His best known song, "We Have This Hope," was created as the theme song for the 1962 Seventh-day Adventist General Conference Session in San Francisco.
The song was used again as the theme song for the General Conference sessions of 1966, 1975, 1995 and 2000 and has been translated into numerous languages.

Hooper traveled widely with the King's Heralds throughout the United States and Canada, as well as tours to Central and South America, the Caribbean, and Europe.
He sang in several languages used by Voice of Prophecy affiliates around the world.
Known as Los Heraldos del Rey in Spanish, the quartet was also featured regularly on La Voz de la Esperanza, a Spanish-language Seventh-day Adventist radio ministry.

==Biography==

Wayne Hooper was born in Little Rock, Arkansas, on July 4, 1920, as the child of a chorister and voice teacher.
He received his high school diploma from Gem State Academy, Caldwell, Idaho.

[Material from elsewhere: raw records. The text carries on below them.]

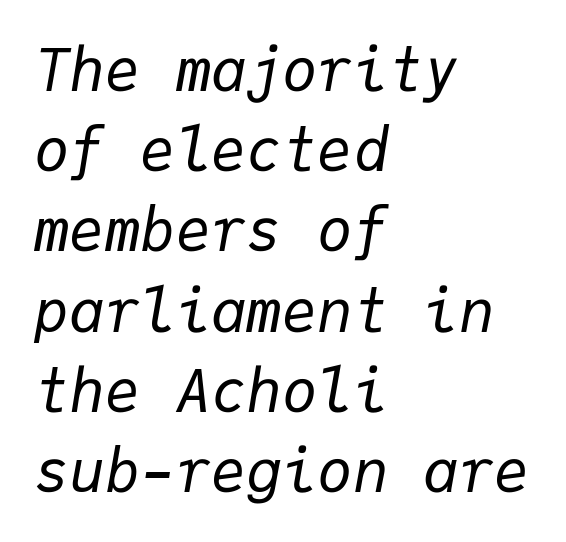
{"italic": "yes", "lean": "right", "slant_degrees": 9, "bold": "no", "weight": "regular", "width": "normal", "stroke_contrast": "low", "x_height": "medium", "monospaced": "yes", "underline": "no", "align": "left", "line_spacing": "normal", "line_spacing_ratio": 1.36, "letter_spacing": "normal", "letter_spacing_em": 0.0, "glyph_px": 59}
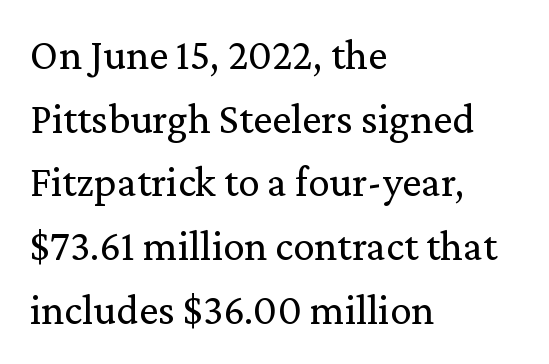
Q: Is the text bold? A: No.
Q: Is the text italic (slanted)? A: No, it is upright.
Q: Is the typeface a serif or a sans-serif typeface? A: Serif.
Q: Is the text underlined? A: No.
Q: How is the paragraph aligned? A: Left-aligned.
Q: Is the spacing between letters normal or unusually wide? A: Normal.
Q: Is the spacing between lines tight, normal or loose? A: Normal.
Q: Width (condensed, normal, or wide)? A: Normal.
Q: Stroke contrast? A: Medium.
Q: x-height? A: Medium.
Q: Monospaced? A: No.
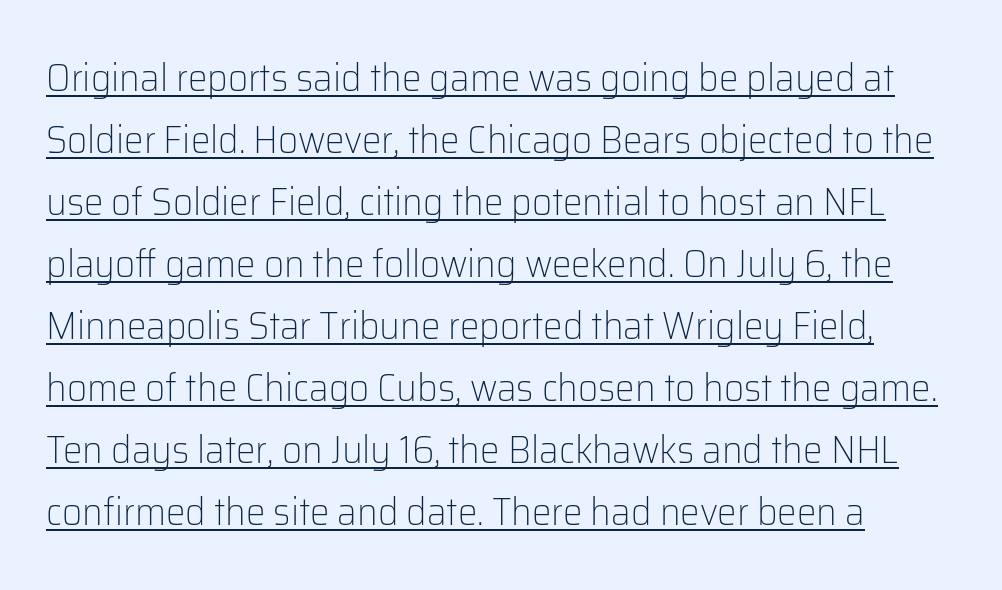
Q: Is the text bold? A: No.
Q: Is the text italic (slanted)? A: No, it is upright.
Q: Is the typeface a serif or a sans-serif typeface? A: Sans-serif.
Q: Is the text underlined? A: Yes.
Q: How is the paragraph aligned? A: Left-aligned.
Q: Is the spacing between letters normal or unusually wide? A: Normal.
Q: Is the spacing between lines tight, normal or loose? A: Normal.
Q: Width (condensed, normal, or wide)? A: Normal.
Q: Stroke contrast? A: Low.
Q: x-height? A: Medium.
Q: Monospaced? A: No.
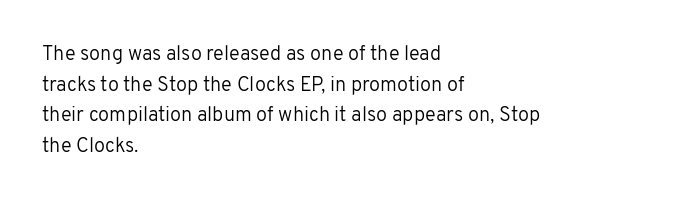
If you drew a line through each stem, it would be perfectly vertical. Students, observe: this is what conventionally led text looks like. Alignment: flush left. Decoration check: the copy has no underline.
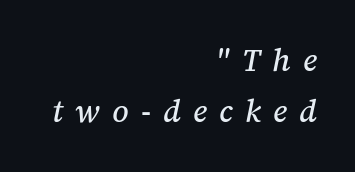
Line ends are locked; line starts wander. What kind of face is this? One with serifs. Each letter keeps its own natural width here, so spacing adapts to shape. Quick note: underline off. The letters are slanted; this is an italic face. A typesetter would call this leading conventional body-copy spacing.

After completing an associate of arts degree in music at Southern California Junior College (now La Sierra University, Riverside), he taught music at Portland Adventist Academy, was a soloist for The Quiet Hour radio broadcast, and was a singing evangelist for the Potomac Conference of Seventh-day Adventists.

He joined the King's Heralds quartet as baritone at the Voice of Prophecy in 1943.
After 4 years he moved to Lincoln, Nebraska, where he continued his music education, completing his bachelor's degree in 1947 at Union College.

Returning to the Voice of Prophecy in 1949, he became part of a quartet consisting of Hooper, Bob Edwards, Bob Seamount and Jerry Dill that performed together until 1962.
Following the King's Herald's he continued his service at the Voice of Prophecy as music director, producer of the Sunday radio broadcast, and trust services director until his retirement in 1980.

Hooper earned a master's degree in composition, choral conducting, and radio broadcasting at Occidental College Los Angeles and was awarded honorary doctor of music degrees by Andrews University and La Sierra University.

Hooper was married to Harriet Schwender in 1941 and had four children.
He was ordained as a Seventh-day Adventist minister in 1955.
He and his wife operated Key Music Company publishing music arrangements and books sent worldwide to customers.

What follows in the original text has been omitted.